# Can someone explain titles to me please?



## slyon5 (May 11, 2014)

Hi everyone,
Can someone please explain to me the titles/prizes/awards that cats can win at shows? It's not quite as simple as 1st, 2nd, 3rd is it?! 
I understand that neuters are judged separately from entire cats, but apart from that I'm super confused about champions/grand champions/imperial champions/best of breed/best in class/best of variety etc etc etc?! Can anyone explain to me in simple terms how it all works?!
I'm thinking of showing my BSH at some point if he enjoys it, but he's only a kitten just now so obviously have to wait a little while. At what age can they be entered and when do they become adults? Also when I've been looking at entry forms and schedules I keep seeing "AC" and "AV" before some of the class names. What do these mean?!
Thanks!


----------



## carly87 (Feb 11, 2011)

I will assume you're wanting a description of GCCF titles.

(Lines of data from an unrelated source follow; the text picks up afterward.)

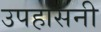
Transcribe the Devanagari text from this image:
उपहासनी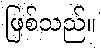
ဖြစ်သည်။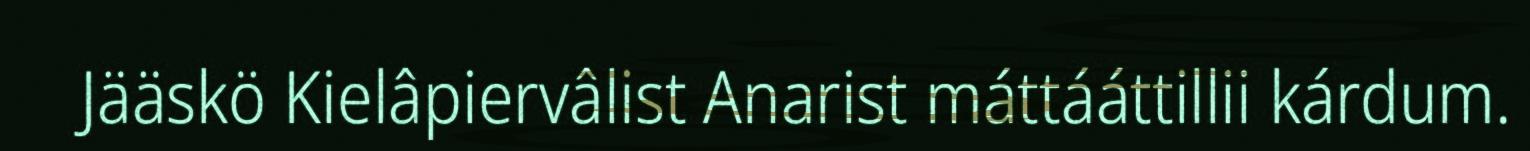
Jääskö Kielâpiervâlist Anarist máttááttillii kárdum.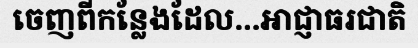
ចេញពីកន្លែងដែល...អាជ្ញាធរជាតិ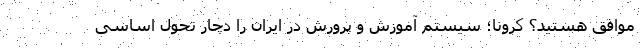
موافق هستید؟ کرونا؛ سیستم آموزش و پرورش در ایران را دچار تحول اساسی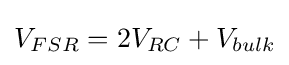
V_{FSR}=2V_{RC}+V_{bulk}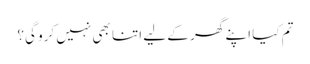
تم کیا اپنے گھر کے لیے اتنا بھی نہیں کرو گی؟

Ok, when an adult (9 months), cats, and neuters are judged in title or Open classes. This means that they are judged against other members of that breed. Anything that is already a champion or higher will be judged for best of breed only, with the remainder being judged against each other. The winner of the class will get a Challenge Certificate if the judge thinks the quality is good enough to justify one. 3 of these makes a cat a champion. Then they move to the grand class, and need a further 3 certificates for Grand Champion. Then it's 5 Imperial certs for Imperial Grand Champion. Then they move into the Olympian class where they are judged against any imperial cat across all the breeds. You need 5 certs for bronze imperial, another 5 for silver, and another 5 for gold.


----------



## lymorelynn (Oct 4, 2008)

slyon5 said:


> Hi everyone,
> Can someone please explain to me the titles/prizes/awards that cats can win at shows? It's not quite as simple as 1st, 2nd, 3rd is it?!
> I understand that neuters are judged separately from entire cats, but apart from that I'm super confused about champions/grand champions/imperial champions/best of breed/best in class/best of variety etc etc etc?! Can anyone explain to me in simple terms how it all works?!
> I'm thinking of showing my BSH at some point if he enjoys it, but he's only a kitten just now so obviously have to wait a little while. At what age can they be entered and when do they become adults? Also when I've been looking at entry forms and schedules I keep seeing "AC" and "AV" before some of the class names. What do these mean?!
> Thanks!


I think Carly has explained the championship titles but to add AC means any colour - usually in side classes, BSH breeders' kitten, any colour for example. AV, any variety - in some classes several breeds are catagorised together - Asian, Abbysinian, Somali etc for example
Kittens can be shown from the age of 14 weeks and at 9 months they are classed as adults
Lots of people here will help if you need it to fill in an entry form - a bit daunting and confusing to start I know


----------



## OrientalSlave (Jan 26, 2012)

Think the only thing to add is that neuters under 9 months are shown alongside entires in the kitten classes, but there are separate sections for entires and neuters that are 9 months and older.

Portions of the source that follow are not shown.